The usual run time in my childhood home was about 8 million showings, after which the movie of the month would be retired and replaced with whatever new thing arrived on VHS from wherever things come from when we’re children. I don’t know – maybe my Mom bought them at a store? Maybe they just showed up somehow? But somehow or other the stream of movies continued and Ghost was soon a thing of the past.

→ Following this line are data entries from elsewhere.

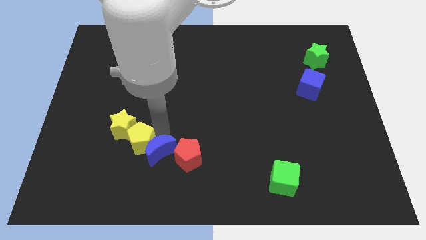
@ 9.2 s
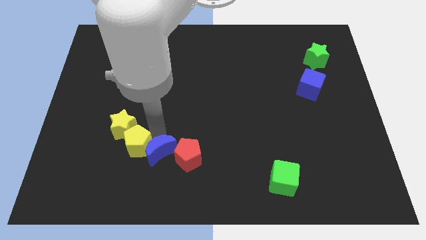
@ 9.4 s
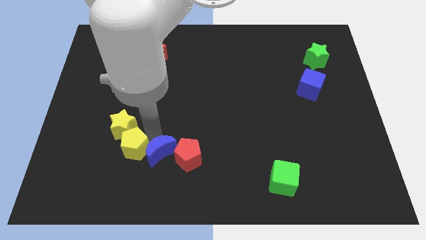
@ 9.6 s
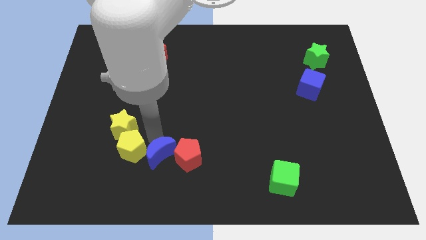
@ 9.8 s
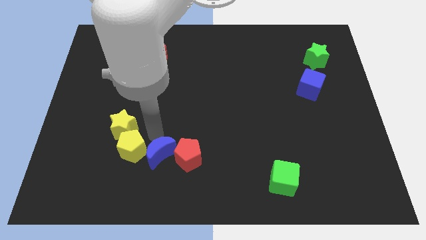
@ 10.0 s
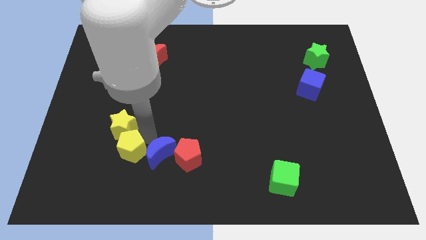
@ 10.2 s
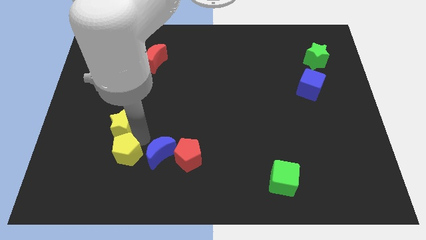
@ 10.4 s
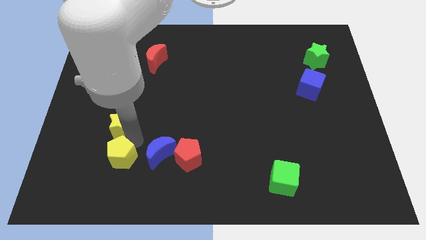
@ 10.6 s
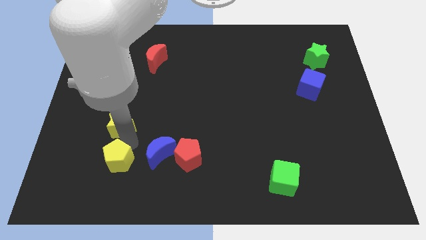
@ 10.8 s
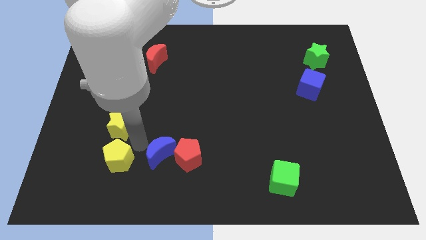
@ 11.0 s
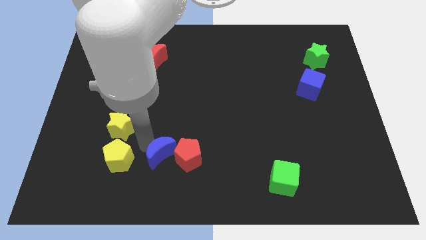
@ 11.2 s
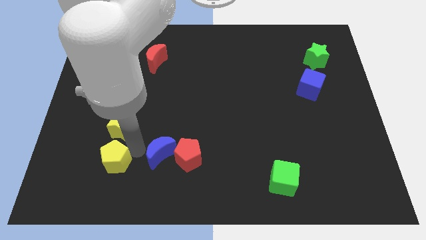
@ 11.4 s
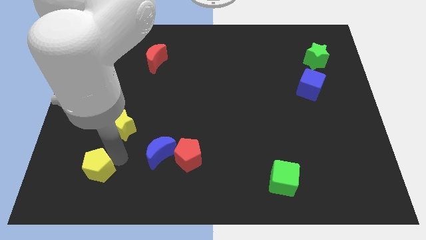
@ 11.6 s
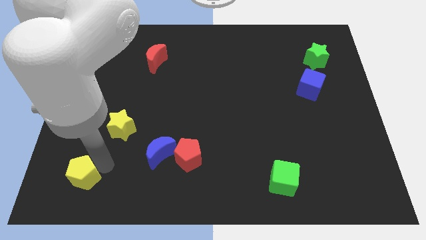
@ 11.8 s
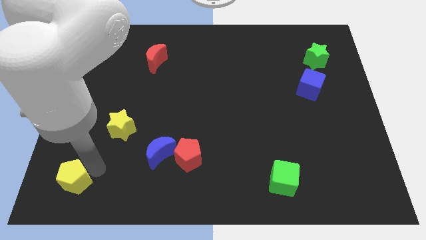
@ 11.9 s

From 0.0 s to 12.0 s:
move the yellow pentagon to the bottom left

But not for ever. I don’t recall when or why or how, but something about Ghost stuck with me and I found myself one night longing to see it again. I lived alone at this point and maybe it was a longing for the joy of the good times with family together; the sound of my mother laughing at Oda Ma Brown walking, if you could call it walking, down the street as if she had never worn a pair of shoes before in her life. Or maybe it was some subliminal sense that I was ready to view the movie through new eyes. At any rate, I recall spending some time searching for the movie on DVD, hoping that I would be able to find a copy before Patrick Swayze succumbed to the illness which did eventually send him home. I feared the sellers had deliberately created a shortage in order to re-release it at an inflated price as a memorial edition or some such sick marketing event. (And when Mr. Swayze did pass on, may he rest in peace, I couldn’t help but wonder if his experience was at all similar to that of his character’s experience when he finally passed on. Silly, I know, to even bother to ponder the unknowable, and certainly to make the childish association with what we see on the screen with what the actor would have been going through during production, but let’s be real – haven’t you ever wondered about such things? From a mental perspective, it has to cross your mind at least for a second…) At any rate, I found a copy tucked away in a bin at a now shuttered media store, and rejoiced that I would again be able to watch that funny and mysterious movie that I remembered fondly from my youth.

The funny was still funny – no, even more so now that I understood everything that was being said – and the mystery and supernatural revenge quest were still there to be savored, but there was a whole new layer for me to explore. That elusive thing which life provides in due course as it will, namely experience, added a new dimension to this movie that I had been cognizant of the 8 million times I had watched it as a child, but which I was now experiencing for the first time. I connected emotionally with this movie. With the characters and their love for one another. I could relate to their shared lives, ripped apart, and the pain they felt as they lost each other. And yes, at the end I was crying. And I was dragged back to that time, a decade and change ago, when we mocked the tears of our fellow human “Anna”, and I felt a bit like Carl, being dragged by the shadows to an unspeakable fate. Well, okay, I didn’t feel that bad – we were dumbass kids and hopefully “Anna” knew as much and didn’t take to heart our callous ignorance. But I did make a profound realization at that moment that I was not the person I was those years ago. And yes, I’m sorry I told you it was stupid to cry at this movie! Please forgive me.

So, here we are in 2012 and I’m walking home when I actually look up at one of the glaring billboards that bedazzle tourists around the clock in Times Square. I don’t know why I looked up as I make it a rule not to ruin what’s left of my eyesight on the sparkling bling-dung which is Times Square. Call it fate, or call it a coincidence, but tonight I looked up and I’m glad I did. I don’t do musicals on any regular basis – I can recall seeing Spamalot, and have fuzzy recollections of what may be a second show, or may not be – but I think I will make an effort to see Ghost the musical. It may not be to my liking, it may even ruin the warm fuzzy I currently get when I think about the movie, but I’m going to take a chance. It just might be worth it.

So tell me, what’s your favorite movie and why?

One comment

  1. I just rewatched this recently with my husband and daughters (ages 9 & 10). We all loved it. Although not my favorite (and I can’t just pick one) it holds up well. I felt a saddeness when reflecting on Swayze’s passing, so very much before his time.